Mats Wahls Kommissar Fors ist zwar schon in "Der Unsichtbare"
in Erscheinung getreten, doch ein richtiger Kriminalroman war das noch
nicht. Dass Wahl wie Mankell, Nesser & Co. aus Schweden kommt, ist
ja schon fast ein Qualitätszeichen...
Die Mordumstände in "Kaltes Schweigen" sind schnell erzählt:
Der Hund eines Orientierungsläufers, der seine tägliche Trainingsrunde
absolviert, entdeckt am Abend eine jugendliche Leiche im verschneiten
Wald. Kriminalkommissar Fors und sein Team sollen den Mord aufklären.
Dass der Tote mit heruntergezogener Hose im Schnee liegt und erschossen
wurde, aber jede Spur von einem Täter (ebenso wie die Todeskugel)

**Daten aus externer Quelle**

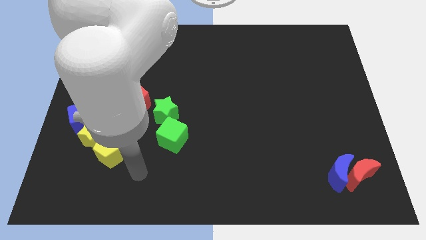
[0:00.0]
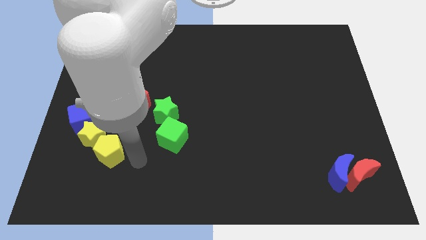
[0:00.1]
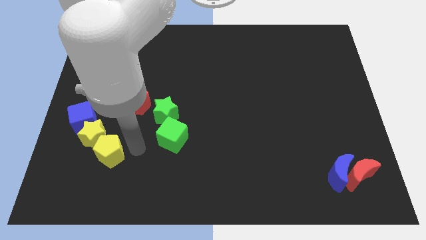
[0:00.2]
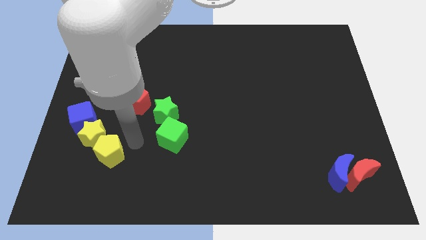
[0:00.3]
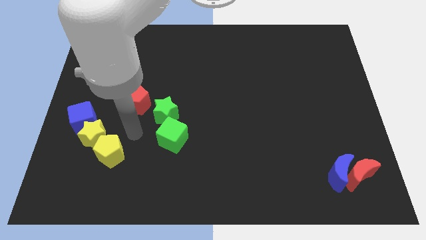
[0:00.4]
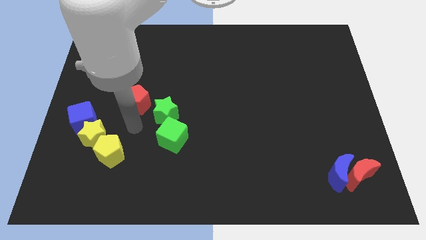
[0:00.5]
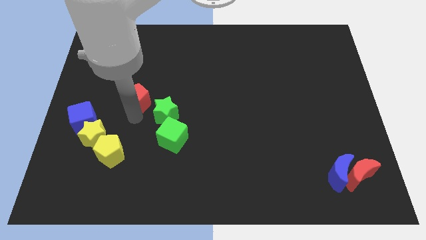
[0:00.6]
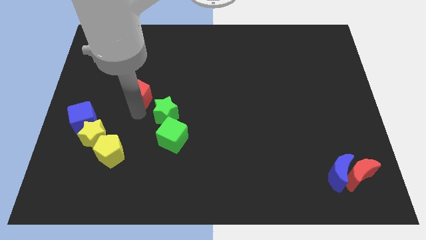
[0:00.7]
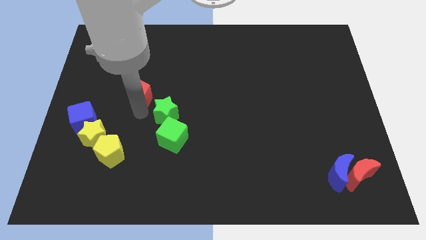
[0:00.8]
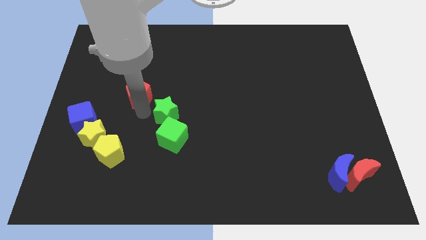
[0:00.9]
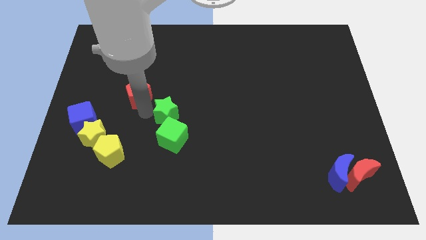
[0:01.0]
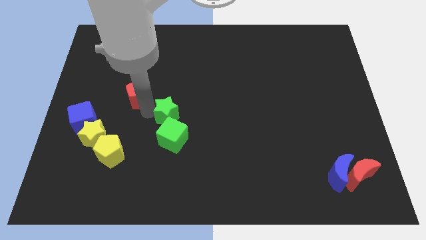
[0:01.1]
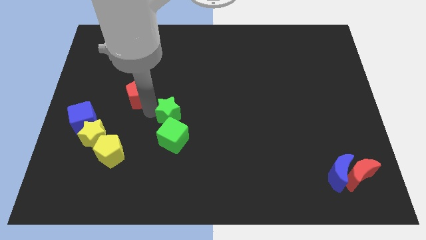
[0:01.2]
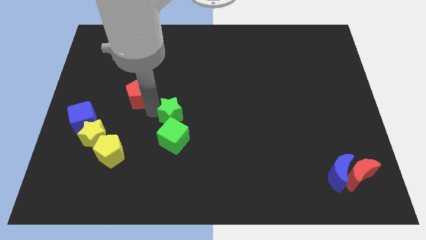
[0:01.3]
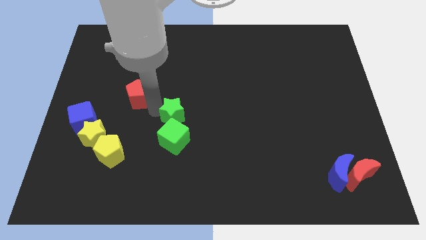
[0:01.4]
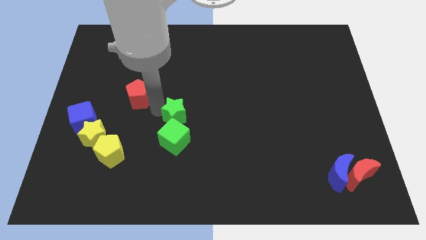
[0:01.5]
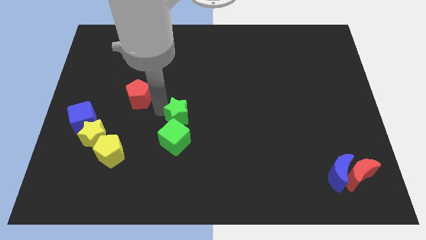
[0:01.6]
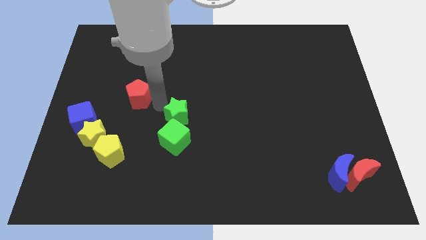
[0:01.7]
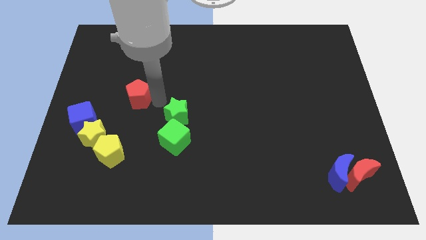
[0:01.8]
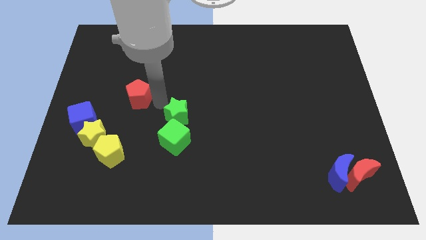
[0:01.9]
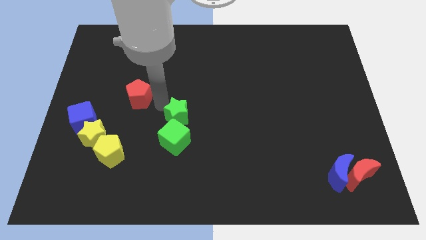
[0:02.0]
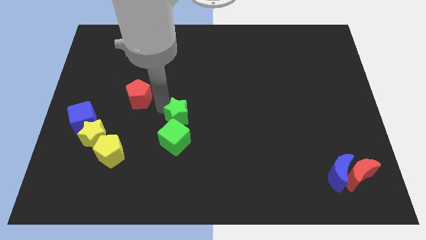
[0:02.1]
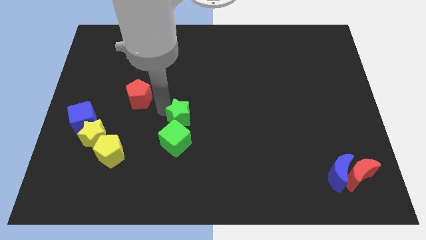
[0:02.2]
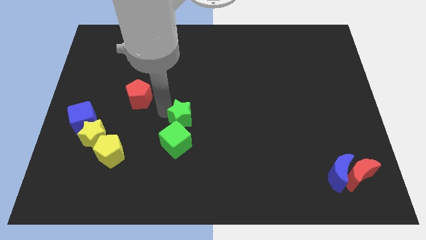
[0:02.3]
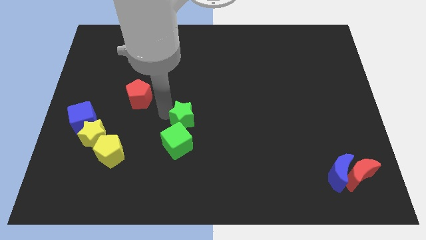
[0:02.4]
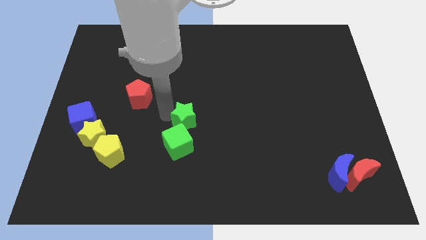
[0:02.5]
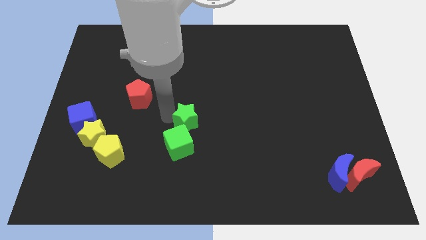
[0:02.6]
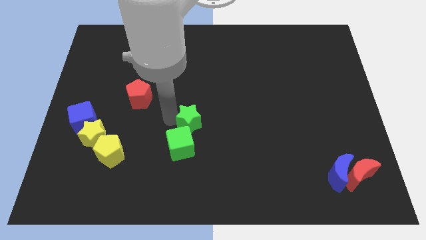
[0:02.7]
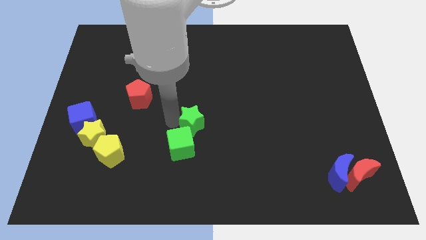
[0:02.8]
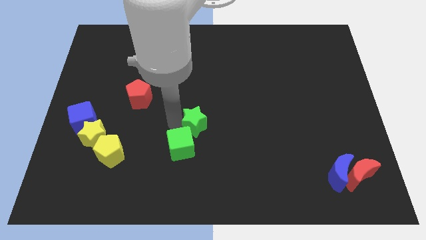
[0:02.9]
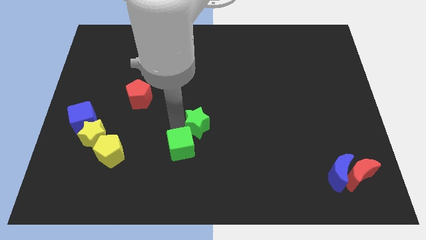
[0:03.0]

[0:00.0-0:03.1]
slightly slide the green star diagonally downwards and right

fehlt, macht die Fahndung nicht ganz einfach. Und wie immer in Kriminalromanen,
so wird infolge fehlender Tathinweise im Umfeld des Toten ermittelt.
Der Tote, Ahmed Sirr (von allen nur "Sirr" genannt), das stellt
sich bald heraus, scheint von vielen gehasst worden zu sein. Er kontrollierte
den Drogenhandel an seiner Schule, und wer ihm in die Quere kam, wurde
brutalst rangenommen. Doch der Mord an Sirr weist nicht nur auf eine
mögliche Rachetat im Bereich des Drogenmilieus hin, sondern könnte
auch durch Ausländerfeindlichkeit motiviert sein - denn Sirr ist
Ausländer... Seltsam ist auch, dass Sirrs Freund Jamal jede Auskunft
verweigert und andeutet, er sei ein toter Mann, wenn er rede.
Der Plot des Krimis wirkt nicht unbedingt Aufsehen
erregend, die komplizierten Pfade und Denkwege von Mankells Mördern
werden da nicht beschritten. Mats Wahls Krimi besticht eher durch anderes:
nämlich die Zeichnung der Figuren. Man kommt nicht umhin, Ermittler
Fors sympathisch zu finden - der Kommissar, ein sensibler und aufmerksamer
Beobachter, hat zwar den Mordfall fest in der Hand, sein Privatleben
aber nur bedingt. Und die Zweifel an seinem Beruf (das kennt man ja
schon von Mankells Wallander) machen ihn zu einem von uns... Doch auch
das restliche Ermittlungsteam ist bestens konzipiert: Vom "Ekelpaket"
Hjelm bis hin zur begabt-naiven Polizistenanwärterin Gunilla Strömholm
sind in "Kaltes Schweigen" alle Register der Figurenzeichnung
gezogen worden.
Überhaupt ist das ganze Buch so sympathisch, weil man merkt, dass
Mats Wahl das Herz auf dem rechten Fleck hat: Er mag seine Figuren -
vom Freund des Täters über die Pastorin mit ihrer allein erziehenden
Tochter (deren Freund übrigens in "Der Unsichtbare" ermordet
wurde) bis hin zum Polizeichef.
Resümieren wir: Mats Wahl ist mit "Kaltes Schweigen"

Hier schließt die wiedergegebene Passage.